Data for review:
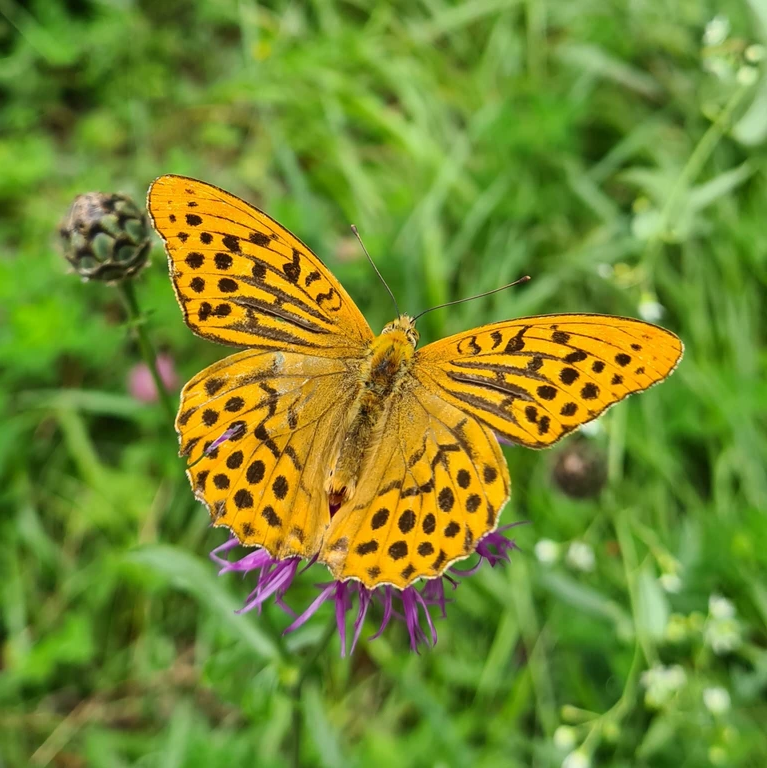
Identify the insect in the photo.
Argynnis paphia
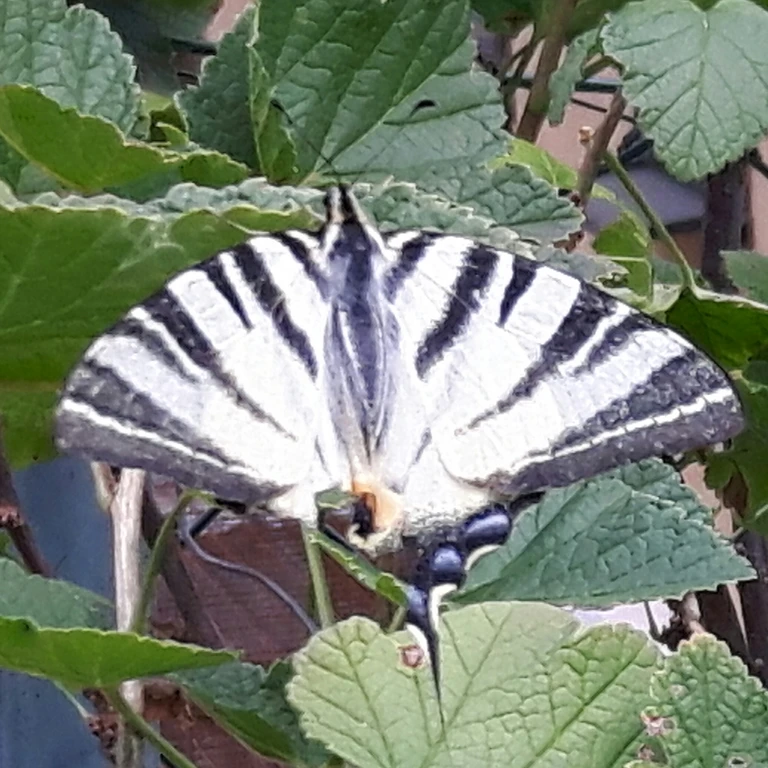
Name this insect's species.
Iphiclides podalirius
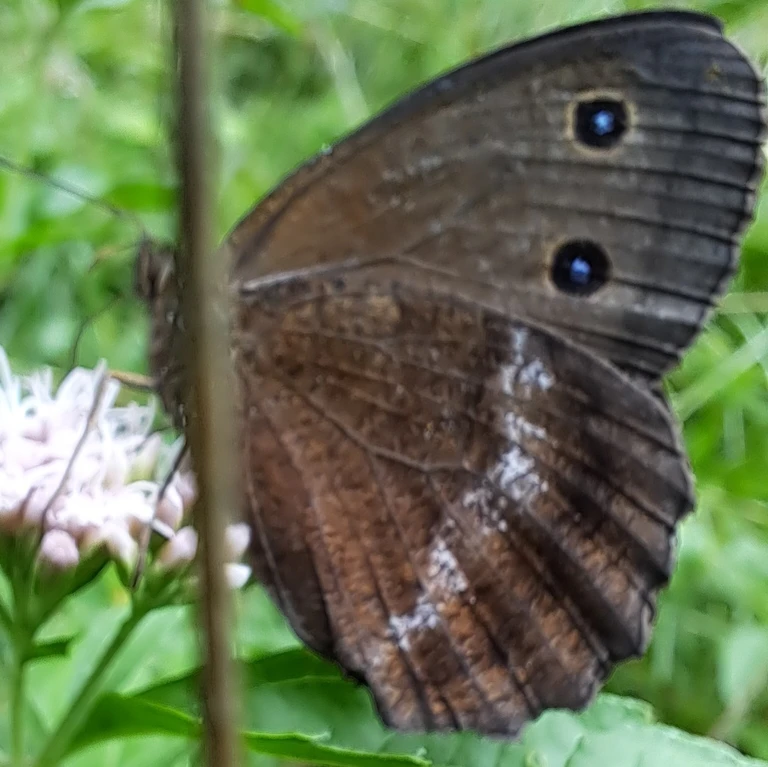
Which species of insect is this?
Minois dryas
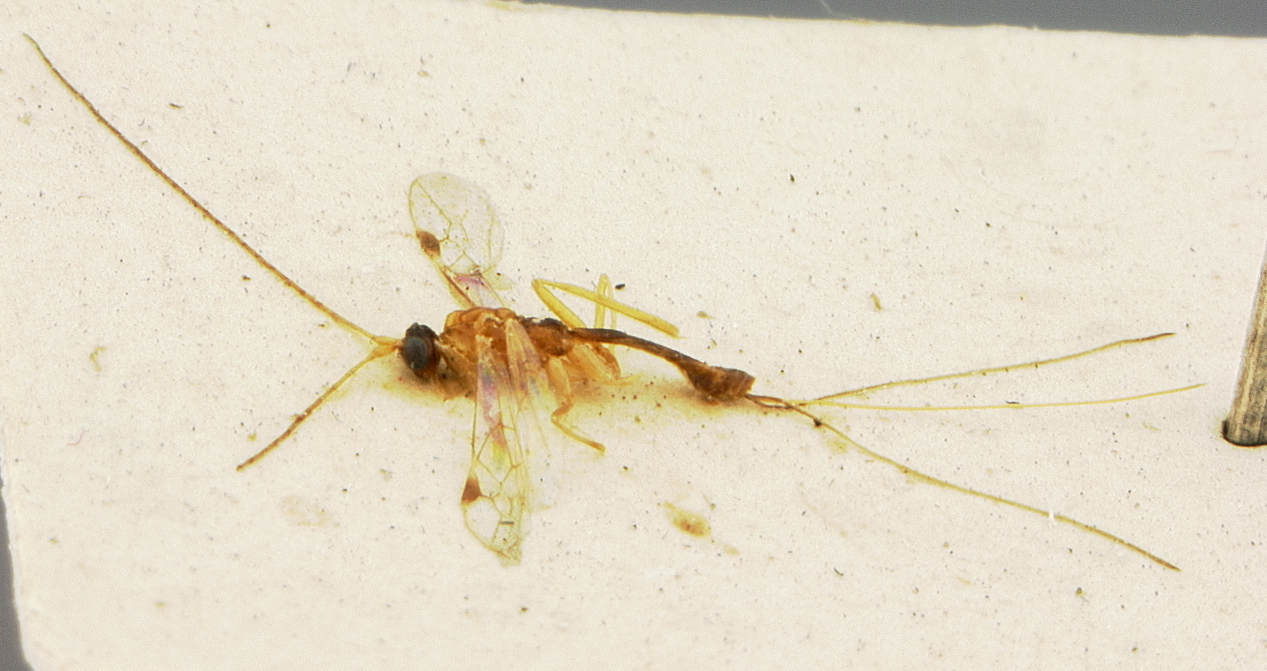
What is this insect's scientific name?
Macrocentrus gifuensis
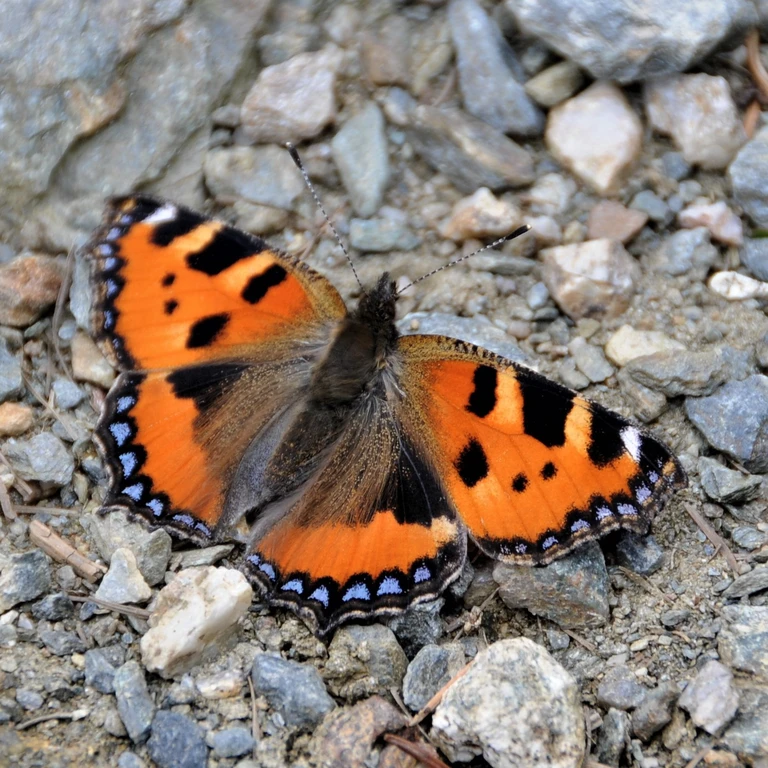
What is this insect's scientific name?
Aglais urticae
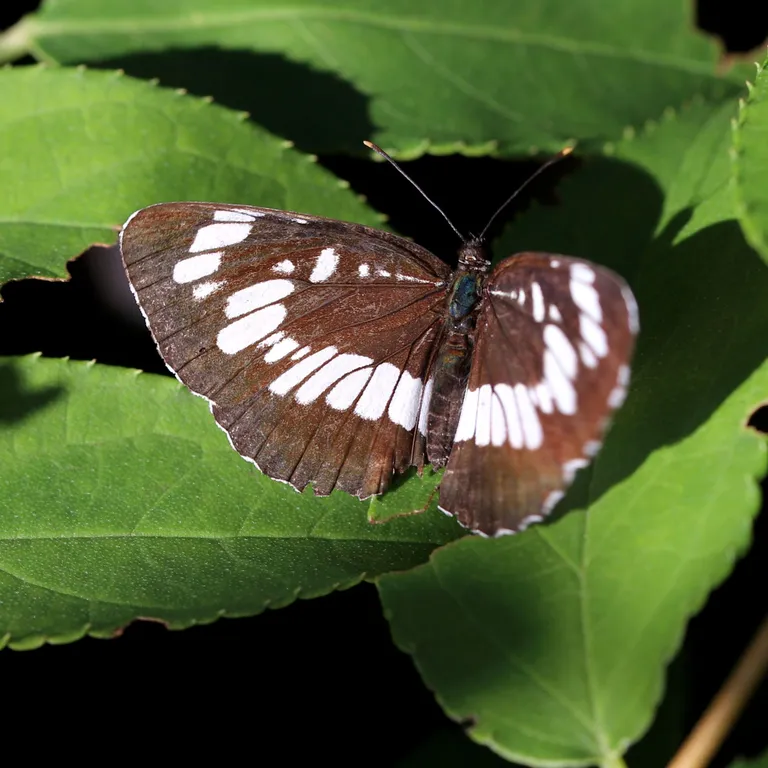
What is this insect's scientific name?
Neptis rivularis
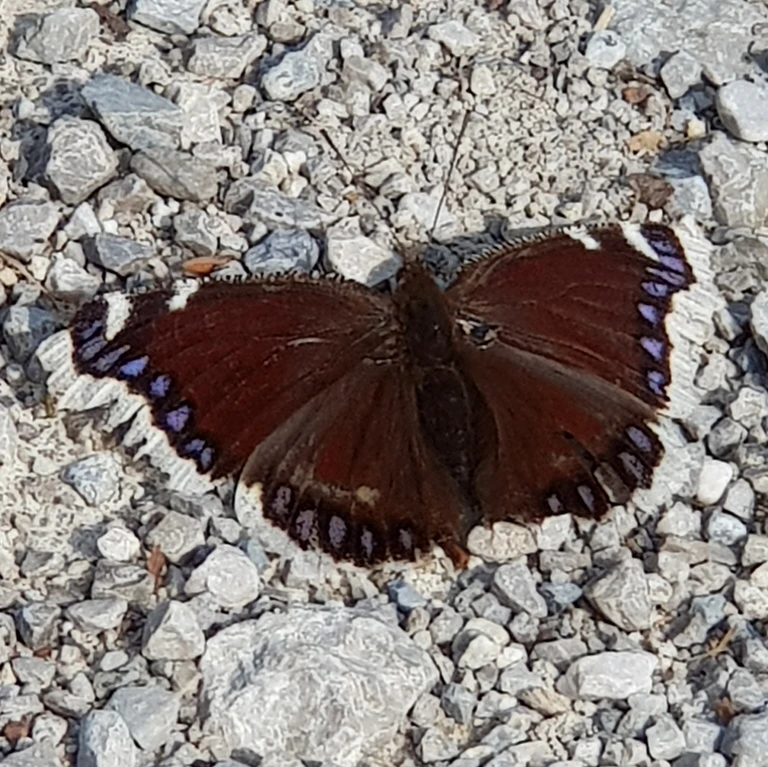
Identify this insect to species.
Nymphalis antiopa
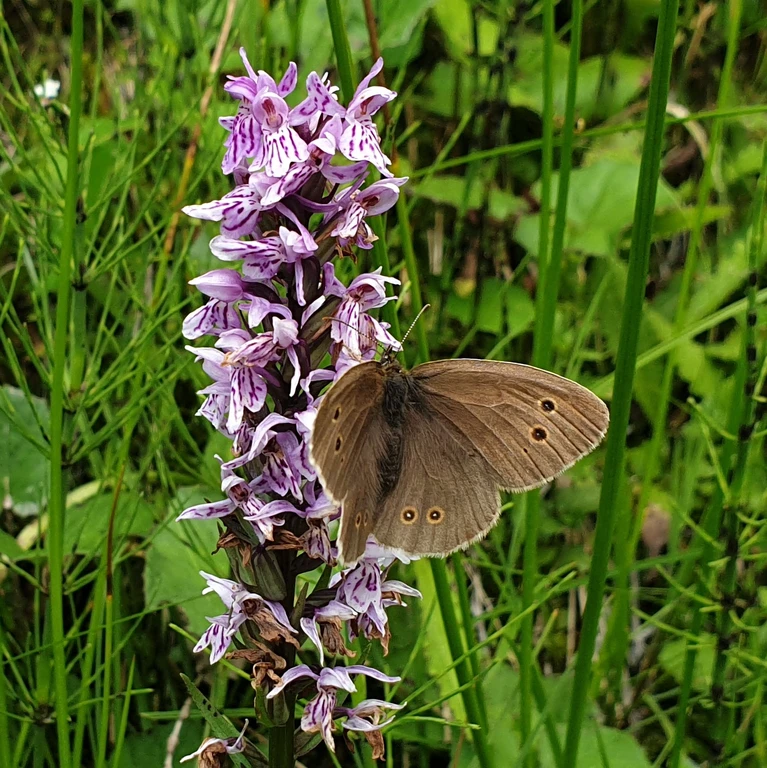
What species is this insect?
Aphantopus hyperantus
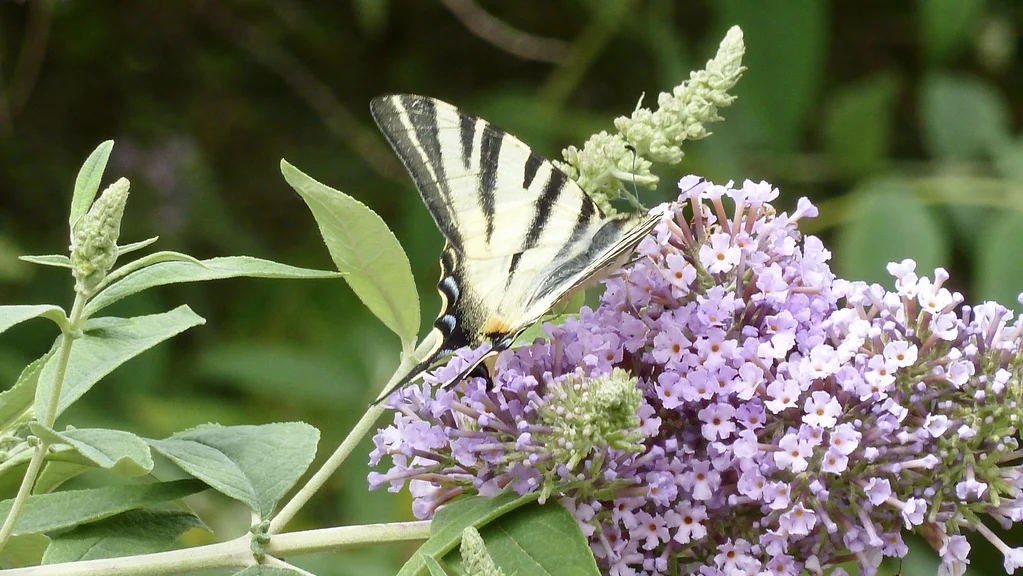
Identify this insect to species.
Iphiclides podalirius
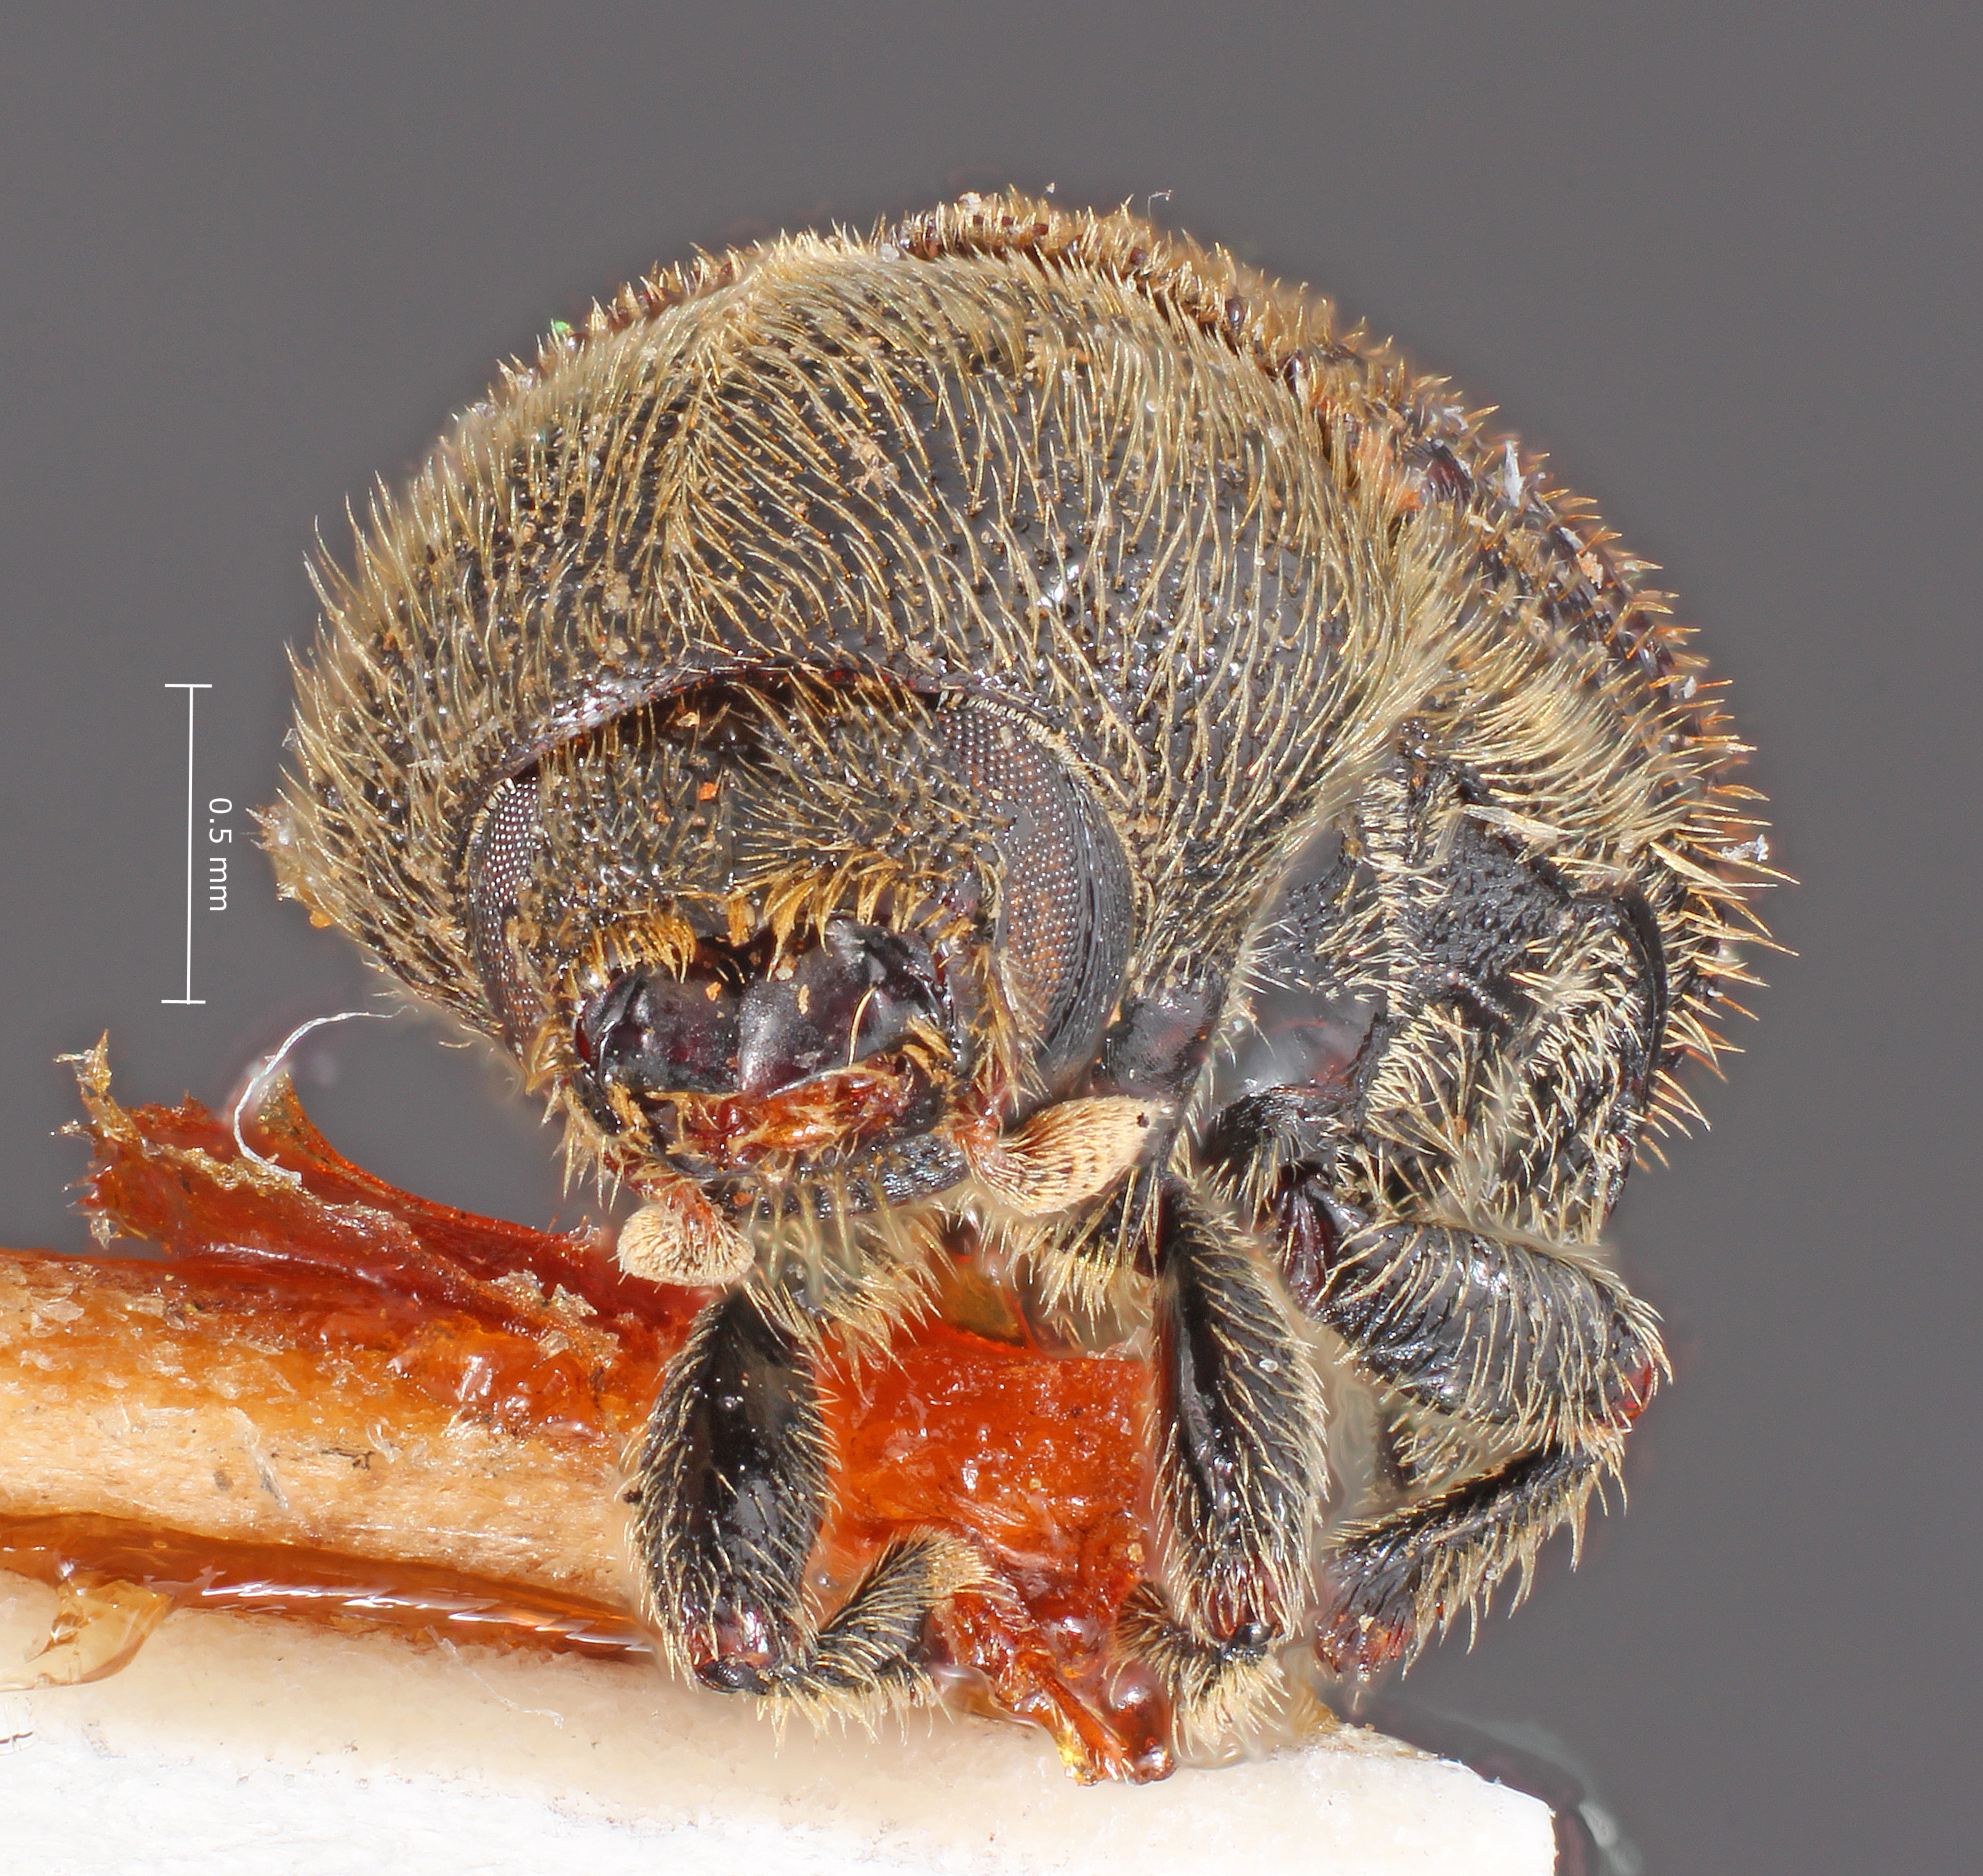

Task to carry out: Exclude images. Return the data above verbatim.

Finished exercise:
Identify the insect in the photo.
Argynnis paphia
Name this insect's species.
Iphiclides podalirius
Which species of insect is this?
Minois dryas
What is this insect's scientific name?
Macrocentrus gifuensis
What is this insect's scientific name?
Aglais urticae
What is this insect's scientific name?
Neptis rivularis
Identify this insect to species.
Nymphalis antiopa
What species is this insect?
Aphantopus hyperantus
Identify this insect to species.
Iphiclides podalirius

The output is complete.